Posted by: Muhandias.7453

Muhandias.7453

I am fairly certain that this is not a hardware specific issue to one person as I have also noticed a spike in temperature on my GPU since the edge of the mists patch. It is only tied to this game, no other action on my computer even comes close to breaking 90°C on the graphics card.

I am using an AMD Radeon HD 5850 with the fan manually set to 100% in the Catalyst Control Center and yet the overheating is constant while playing Guild Wars 2.

(edited by Muhandias.7453)

GPU overheating after recent updates

in Account & Technical Support

Posted by: GOSTARG.5760

GOSTARG.5760

Hey there i had the same problem as u .. after the update the game crashes my system and was saying that the power supply was overheating or something .. so it rebooted my pc , and giving me an another startupscreen what ive never seen on my pc build ..
im not a wizkid as far at deep system specs . Ive had it right after the update .

So what i did is .. i started the game at its lowest specs run it and no crashes ..
While ingame after 10 min i set the game video specs to it highest .. closed the game rebooted my pc and started the game again .

And it never happend since .. i hope this helps for u
Ps : the game got crashing for 4 times after the update for me before i did what i said to u Greetz mark
holland ; (

(edited by GOSTARG.5760)

GPU overheating after recent updates

in Account & Technical Support

Posted by: GOSTARG.5760

GOSTARG.5760

Oh and i bought the game last sunday .. plays perfectly . After update it crashed my pc 3 times did the thing above .. solved for me amd 6800 cool edition and a i7 3770 costum build pc

GPU overheating after recent updates

in Account & Technical Support

Posted by: SolarNova.1052

SolarNova.1052

Again, software like games will NOT ‘directly’ cause hardware to overheat, no matter how many patches. The game access the GPU through the API* (DirectX9 in this case) it does not ‘directly’ control the card in any way. The only way it can cause higher heat is through higher usage, in which case it is NOT the game at fault if the hardware starts overheating, that’s a hardware issue….the card itself cannot handle running at high load…which it should be able to do if it was in full working order. Ether that or you have VERY bad case airflow.

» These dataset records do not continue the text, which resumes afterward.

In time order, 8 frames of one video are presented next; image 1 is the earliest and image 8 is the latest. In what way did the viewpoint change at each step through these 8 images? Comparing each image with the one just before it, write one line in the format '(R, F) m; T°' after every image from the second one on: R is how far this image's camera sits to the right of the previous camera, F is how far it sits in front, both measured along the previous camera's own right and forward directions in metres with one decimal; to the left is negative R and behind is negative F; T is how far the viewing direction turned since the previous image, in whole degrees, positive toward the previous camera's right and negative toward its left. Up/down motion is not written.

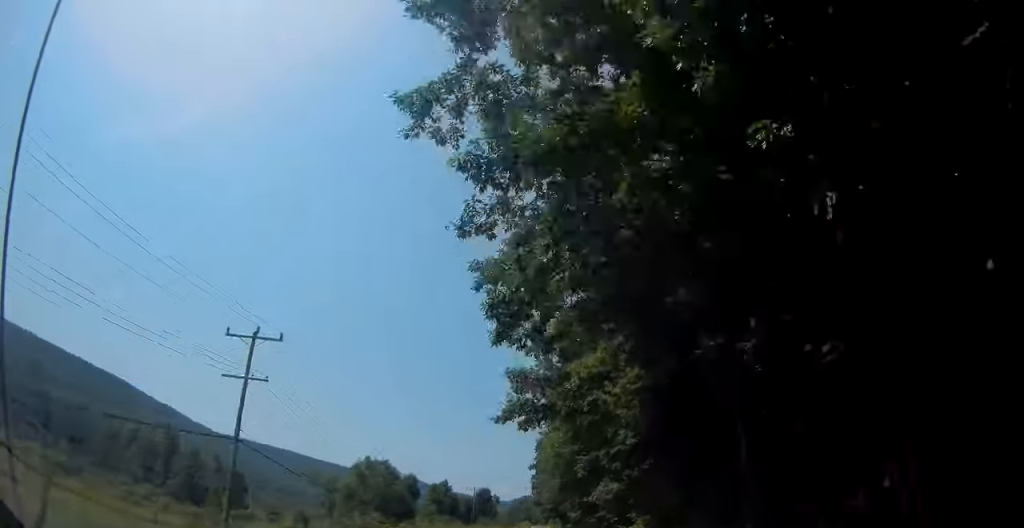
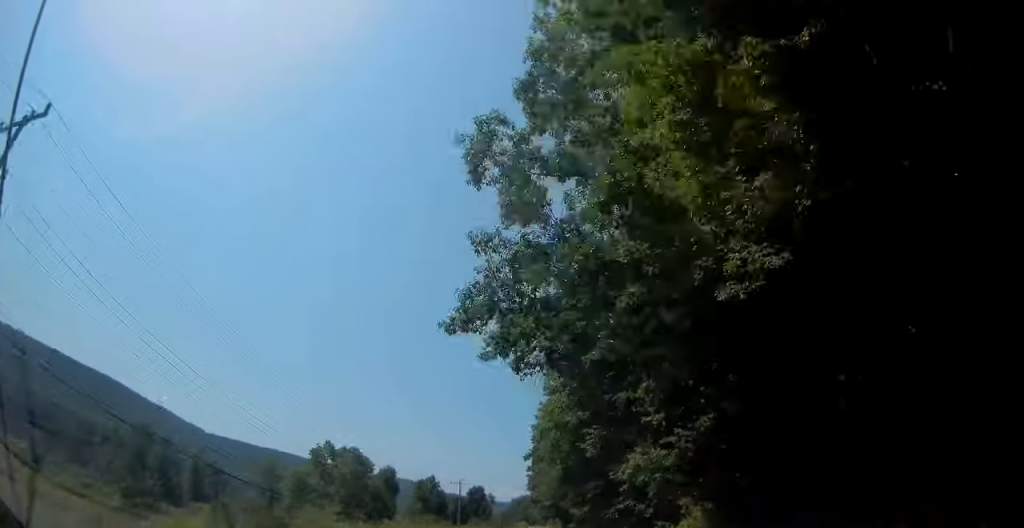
(-0.1, +16.4) m; 0°
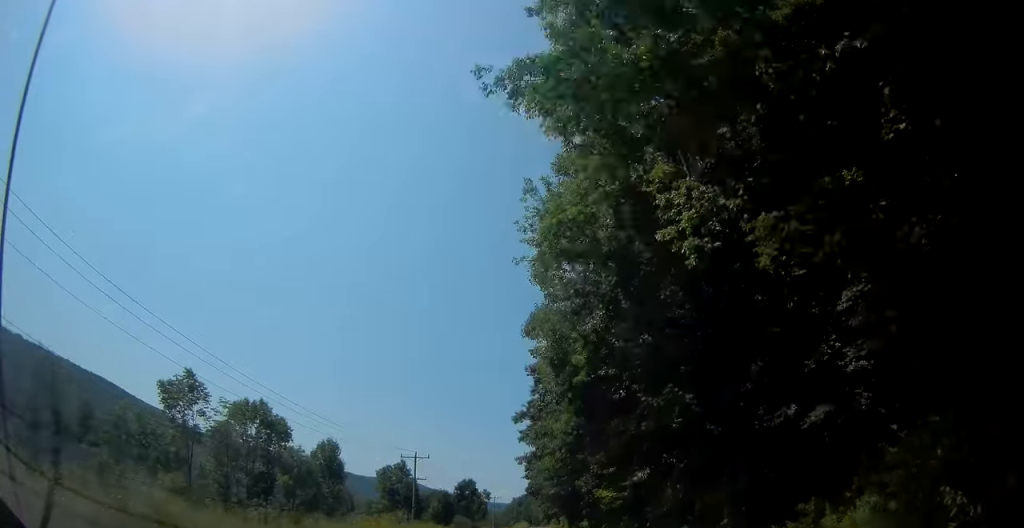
(-0.2, +32.5) m; -1°
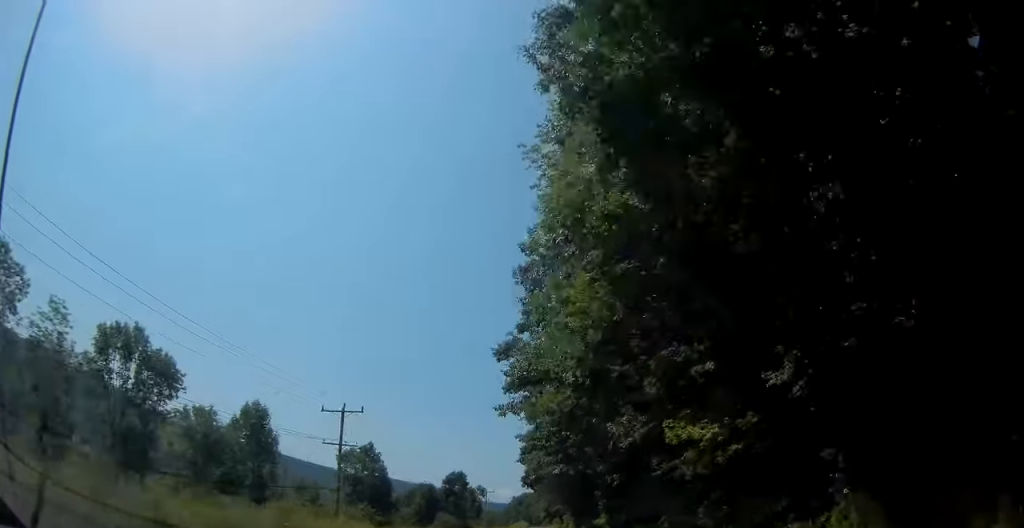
(0.0, +22.1) m; 0°
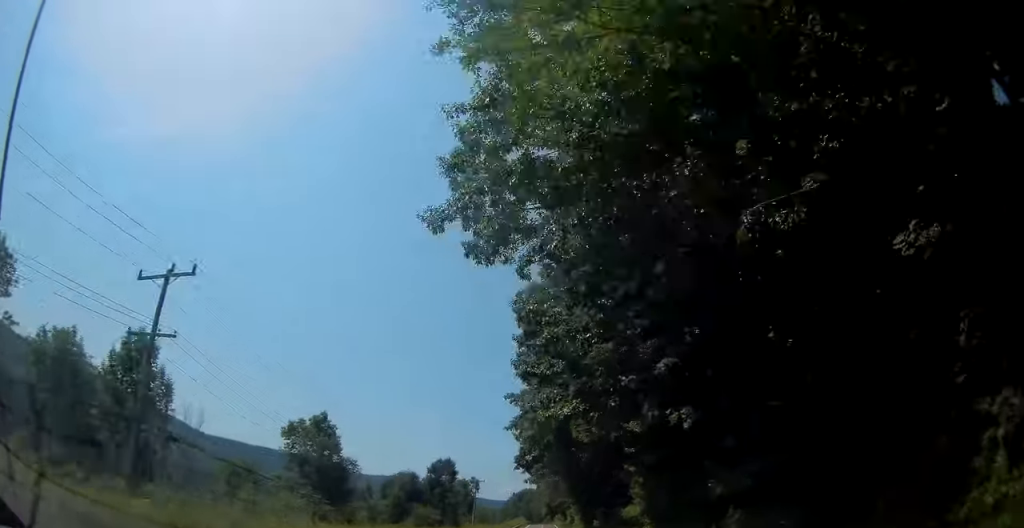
(0.0, +20.3) m; 0°
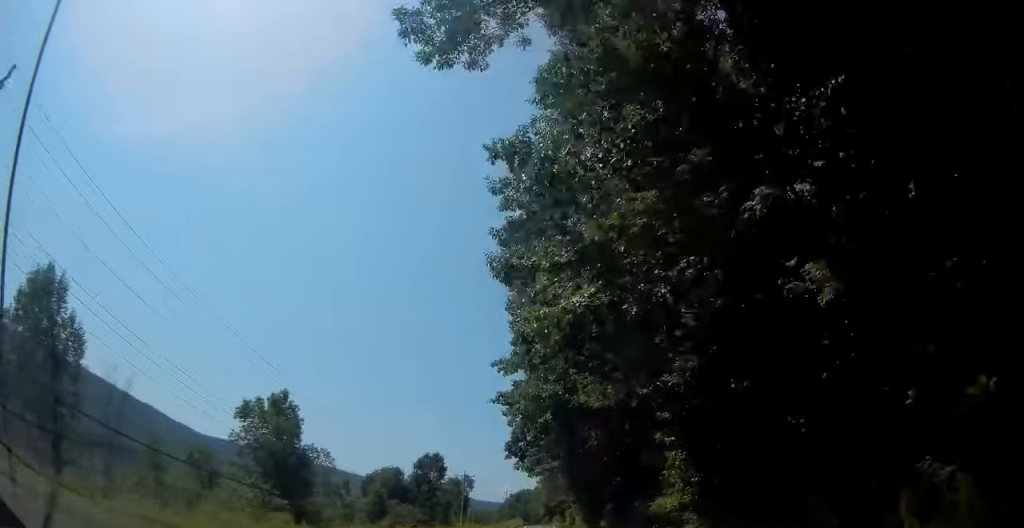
(0.0, +11.0) m; 0°
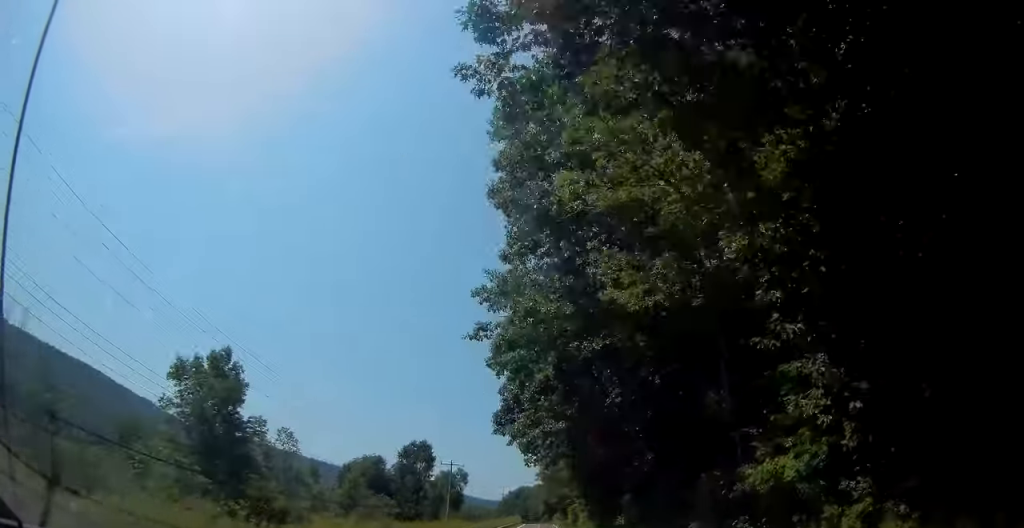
(0.0, +12.7) m; 0°
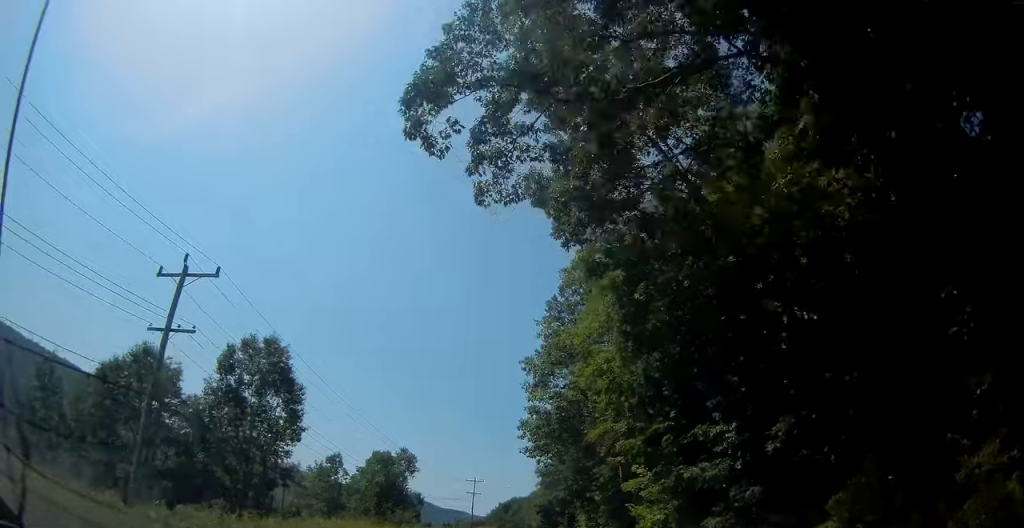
(+0.2, +59.9) m; 0°

*application programming interfaces

3930k 4.6ghz | NH-D14 Cooler | P9x79 Pro MB | 16gb 1866mhz G.Skill | 128gb SSD + 2×500gb HDD
EVGA GTX 780 Classified w/ EK block | XSPC D5 Photon 270 Res/Pump | NexXxos Monsta 240 Rad
CM Storm Stryker case | Seasonic 1000W PSU | Asux Xonar D2X & Logitech Z5500 Sound system |

GPU overheating after recent updates

in Account & Technical Support

Posted by: fluffdragon.1523

fluffdragon.1523

Hey guys, RMA is in progress and I’m waiting on the RMA number and shipping information as I type this.

I got around to putting Skyrim back on my machine for testing, and yeah, within a minute the GPU was bursting up to dangerous levels. It’s absolutely a hardware fault at this point. It’s possible the heat-pipe or something is damaged in a place I just plain can’t see, especially considering the thorough application of new thermal paste added the night before and the fact that the heatsink itself is otherwise clean and clear of obstructions. That, or one of the controller chips is haywire (which is equally likely, considering weird voltage behavior and fan operation).

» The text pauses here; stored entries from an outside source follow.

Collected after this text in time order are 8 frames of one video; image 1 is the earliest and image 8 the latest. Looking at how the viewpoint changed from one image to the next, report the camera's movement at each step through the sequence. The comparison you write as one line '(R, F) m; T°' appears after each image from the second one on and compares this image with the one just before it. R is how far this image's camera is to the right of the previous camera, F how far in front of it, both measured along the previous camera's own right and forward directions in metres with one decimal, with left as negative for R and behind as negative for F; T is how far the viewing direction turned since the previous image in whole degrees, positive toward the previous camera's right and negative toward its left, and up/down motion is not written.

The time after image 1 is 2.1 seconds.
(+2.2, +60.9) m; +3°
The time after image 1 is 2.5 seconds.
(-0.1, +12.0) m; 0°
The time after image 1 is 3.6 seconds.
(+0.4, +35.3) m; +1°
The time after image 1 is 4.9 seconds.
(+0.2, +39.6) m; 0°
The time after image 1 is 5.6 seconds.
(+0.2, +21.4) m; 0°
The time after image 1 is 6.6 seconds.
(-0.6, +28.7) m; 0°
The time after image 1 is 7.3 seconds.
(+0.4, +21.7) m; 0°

Again, software like games will NOT ‘directly’ cause hardware to overheat, no matter how many patches. The game access the GPU through the API* (DirectX9 in this case) it does not ‘directly’ control the card in any way. The only way it can cause higher heat is through higher usage, in which case it is NOT the game at fault if the hardware starts overheating, that’s a hardware issue….the card itself cannot handle running at high load…which it should be able to do if it was in full working order. Ether that or you have VERY bad case airflow.

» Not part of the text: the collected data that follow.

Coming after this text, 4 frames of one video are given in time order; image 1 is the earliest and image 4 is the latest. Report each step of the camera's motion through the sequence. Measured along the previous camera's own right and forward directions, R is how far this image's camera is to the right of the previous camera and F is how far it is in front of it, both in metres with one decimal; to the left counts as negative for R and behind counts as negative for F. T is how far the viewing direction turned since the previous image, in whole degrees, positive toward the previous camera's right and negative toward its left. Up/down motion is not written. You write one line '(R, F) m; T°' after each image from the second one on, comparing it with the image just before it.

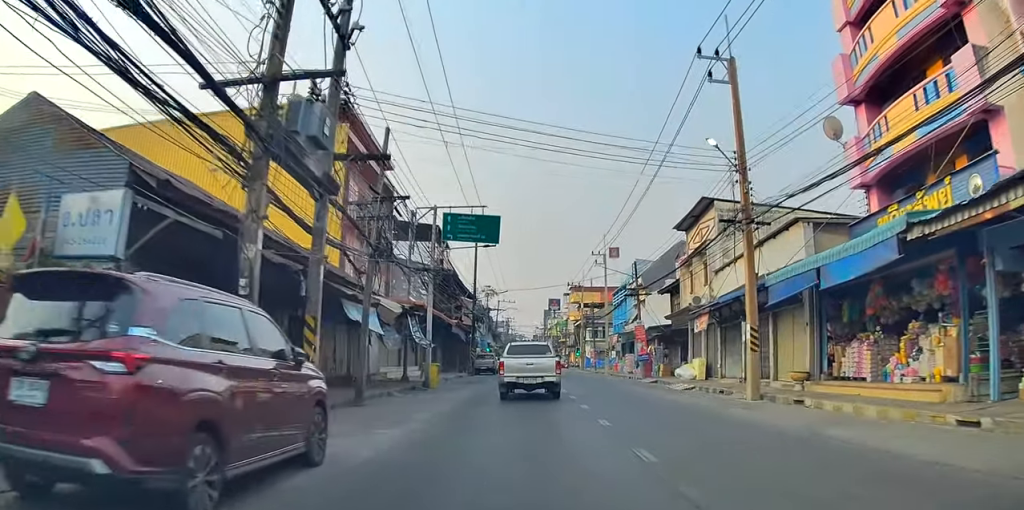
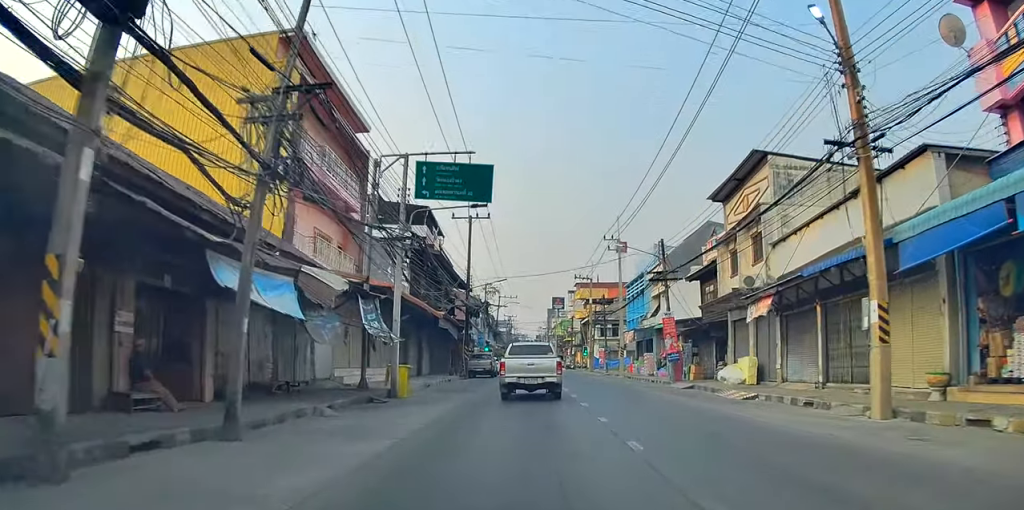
(+0.2, +8.0) m; 0°
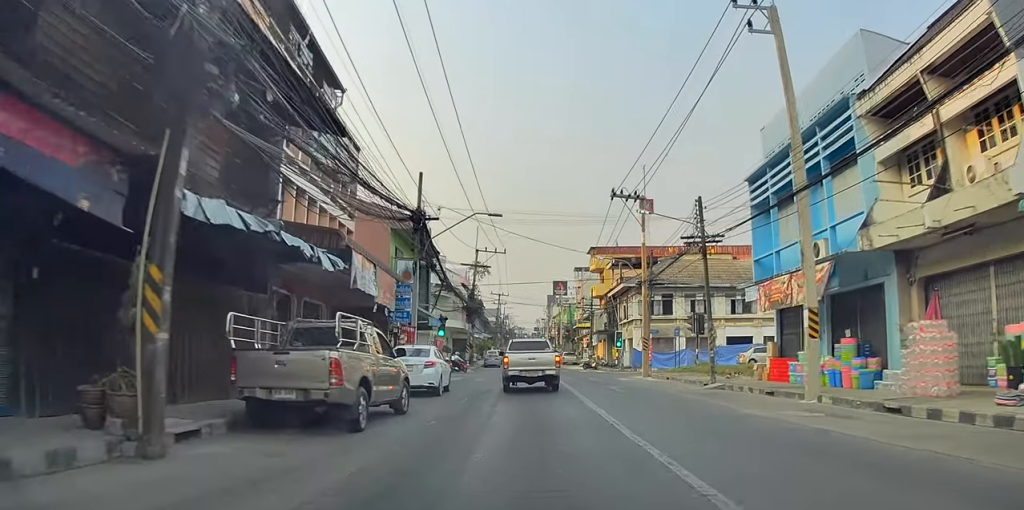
(+1.1, +36.5) m; +1°
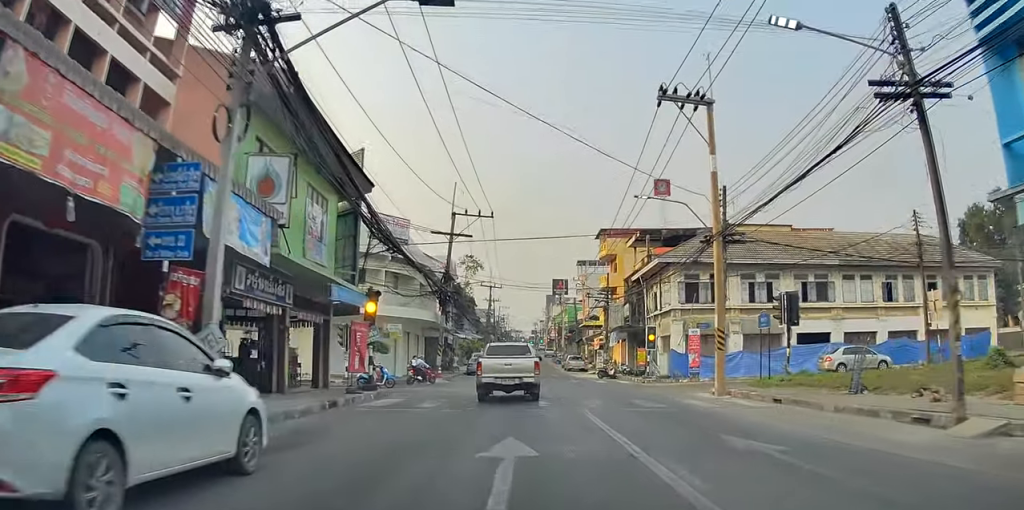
(-0.4, +15.4) m; +3°

*application programming interfaces

The above is true, no doubt here. It also explains why of a sudden only games that would normally cause a heavy operating load would suddenly bring the GPU to dangerous levels — the hardware had simply failed in the meantime.

It’s really the only source of the problem in my case, especially consider that everything else is in working order and had been working just fine up until the hardware failed.

Anyway, thanks for all the help, everyone!